WORK TO BE COMPLETED: Reproduce every record below exactly, with the pictures left out.

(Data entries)
----
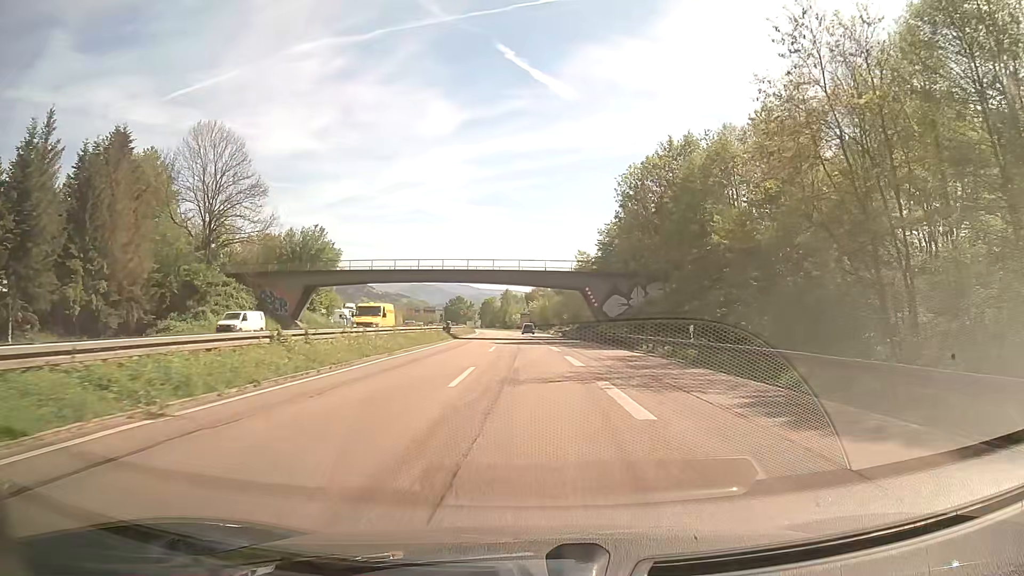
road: trunk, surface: asphalt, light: Day
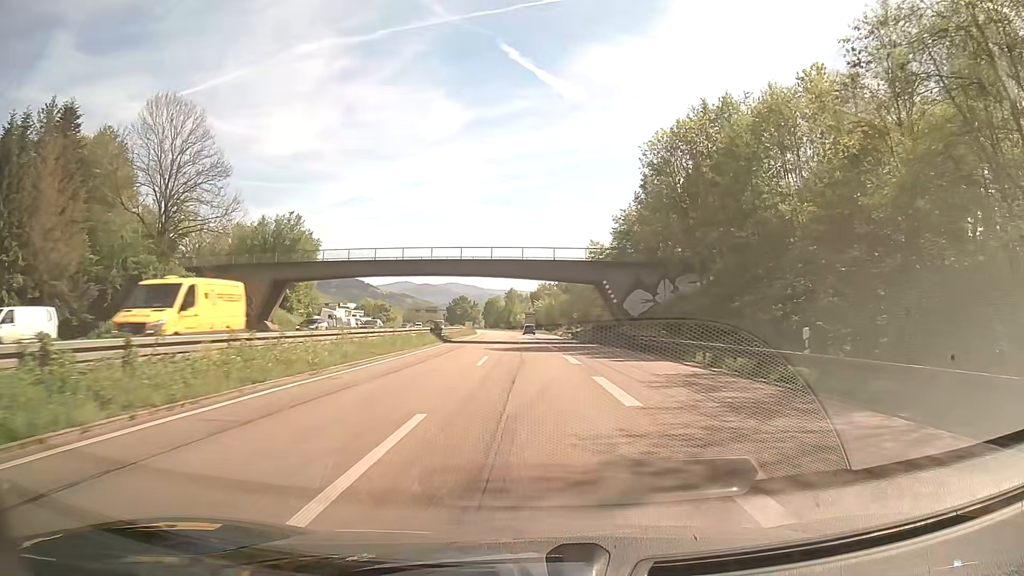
(0.0, +10.4) m; 0°
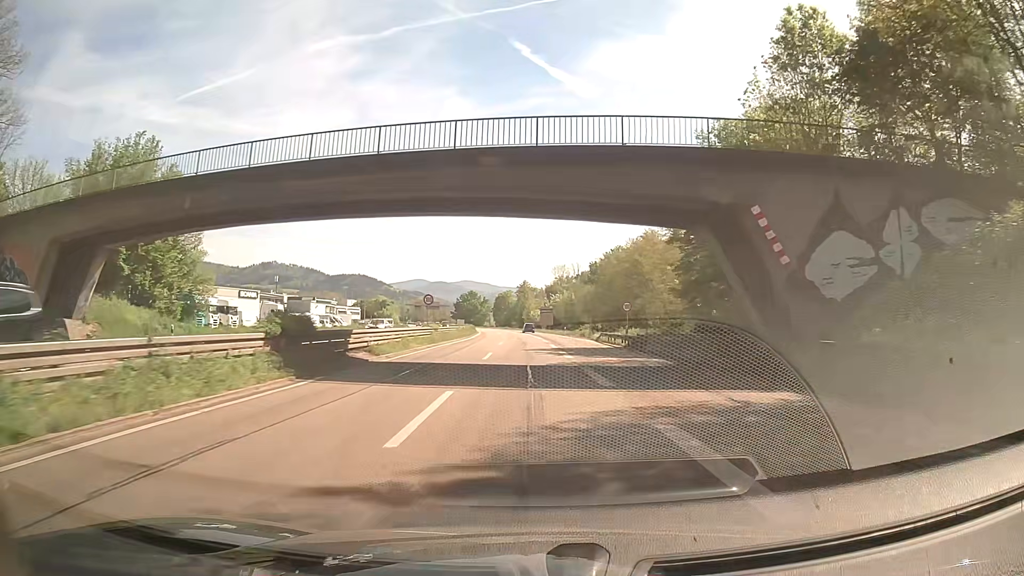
(-0.4, +32.5) m; -1°
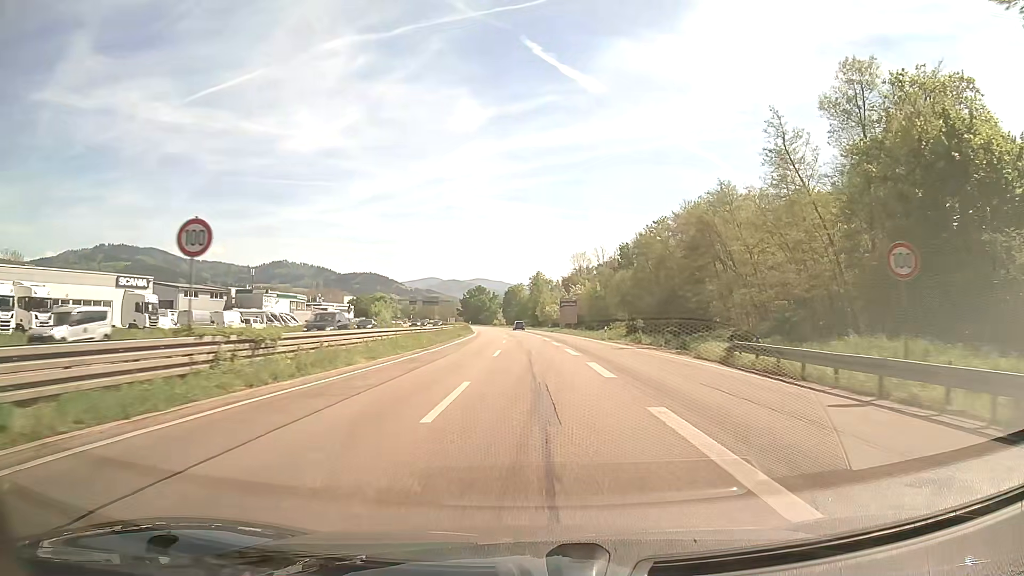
(-0.1, +34.4) m; -1°
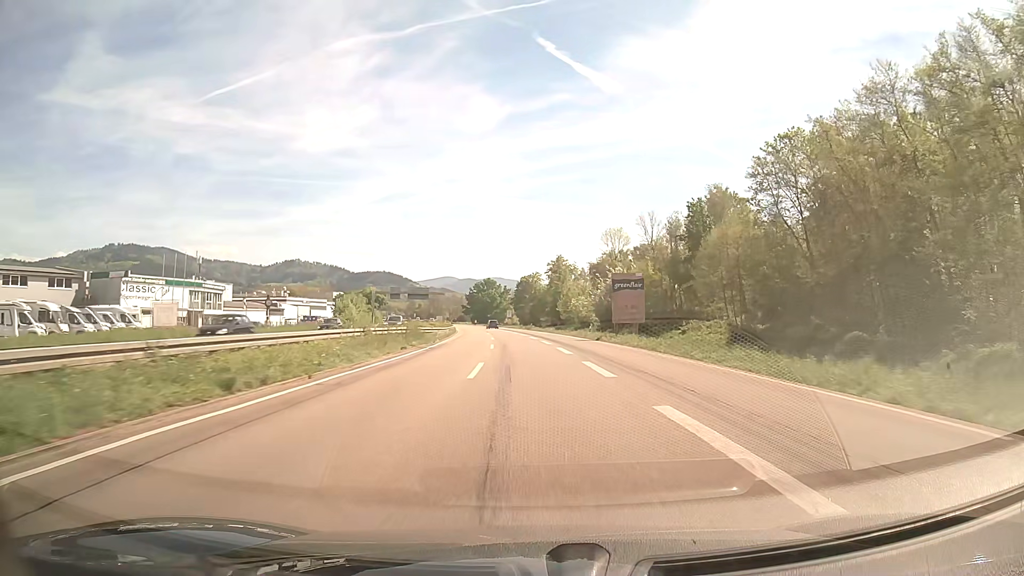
(-0.4, +48.0) m; -1°
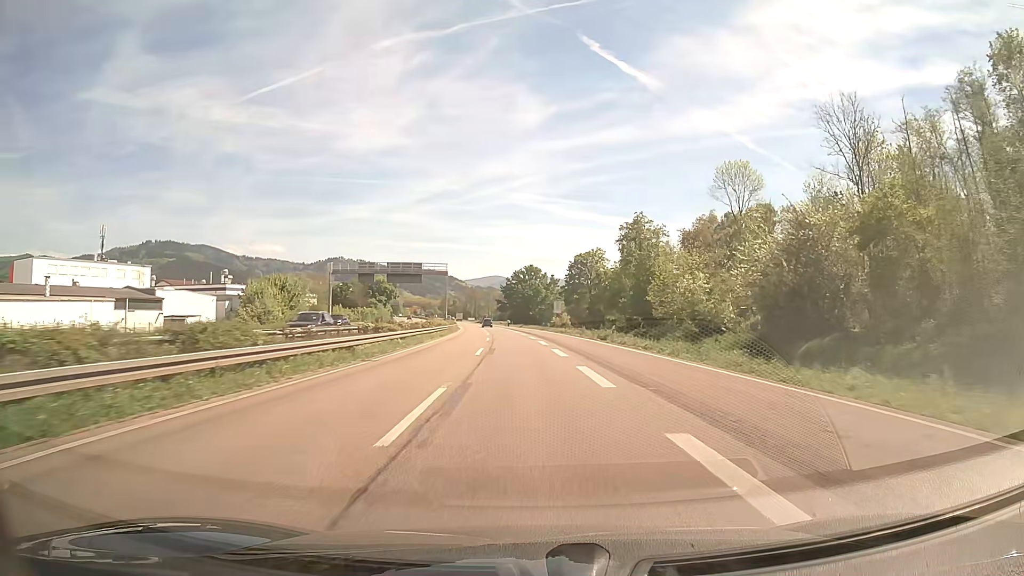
(-2.0, +62.7) m; -4°
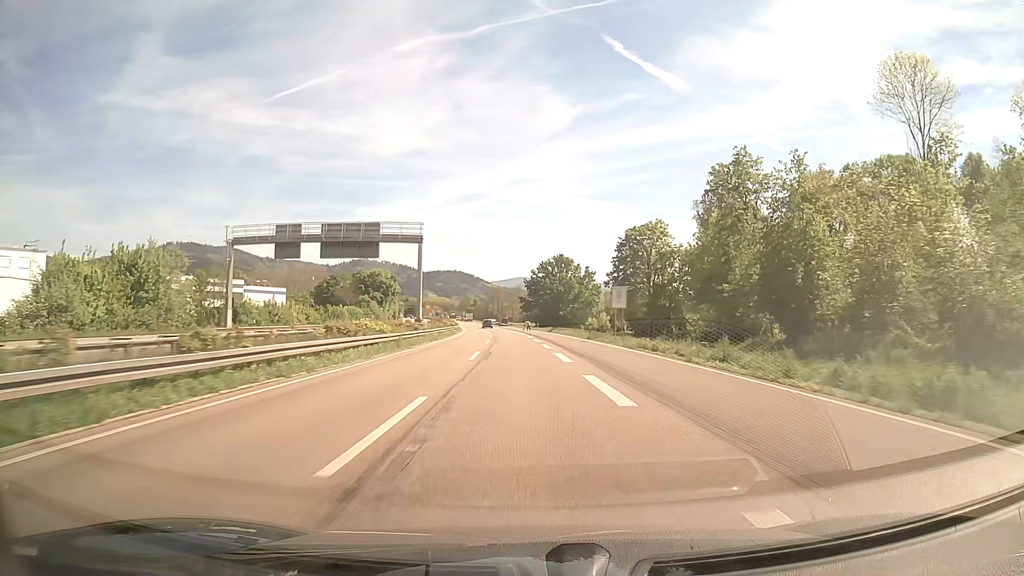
(-0.7, +39.0) m; -2°
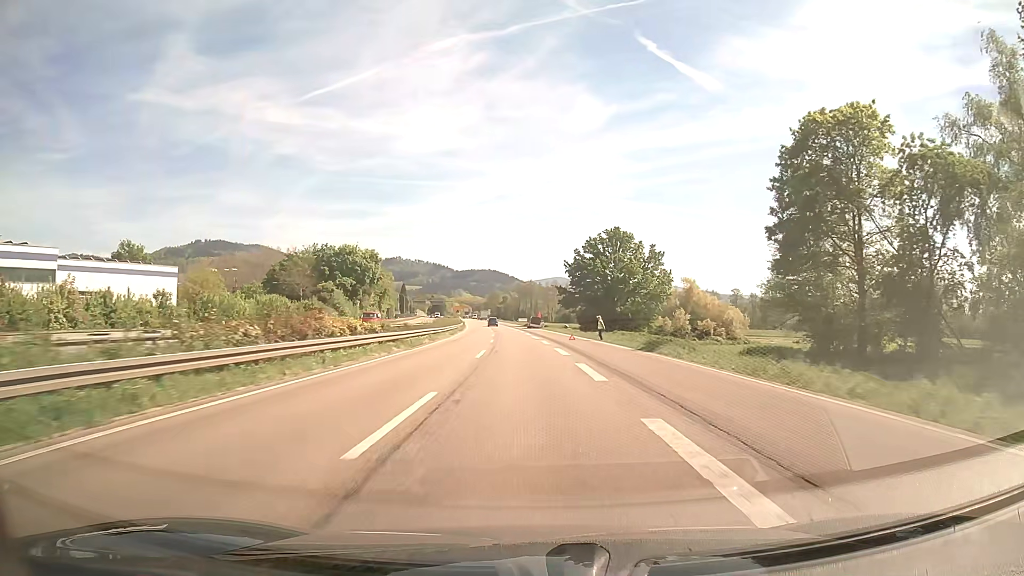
(-1.4, +53.4) m; -3°
(0, +10) (0, +20) (0, +30) (-1, +40) (-1, +50) (-2, +60) (-2, +70) (-3, +80) (-4, +90) (-5, +100) m
----
EXERCISE RESULT:
road: trunk, surface: asphalt, light: Day
(0.0, +10.4) m; 0°
(-0.4, +32.5) m; -1°
(-0.1, +34.4) m; -1°
(-0.4, +48.0) m; -1°
(-2.0, +62.7) m; -4°
(-0.7, +39.0) m; -2°
(-1.4, +53.4) m; -3°
(0, +10) (0, +20) (0, +30) (-1, +40) (-1, +50) (-2, +60) (-2, +70) (-3, +80) (-4, +90) (-5, +100) m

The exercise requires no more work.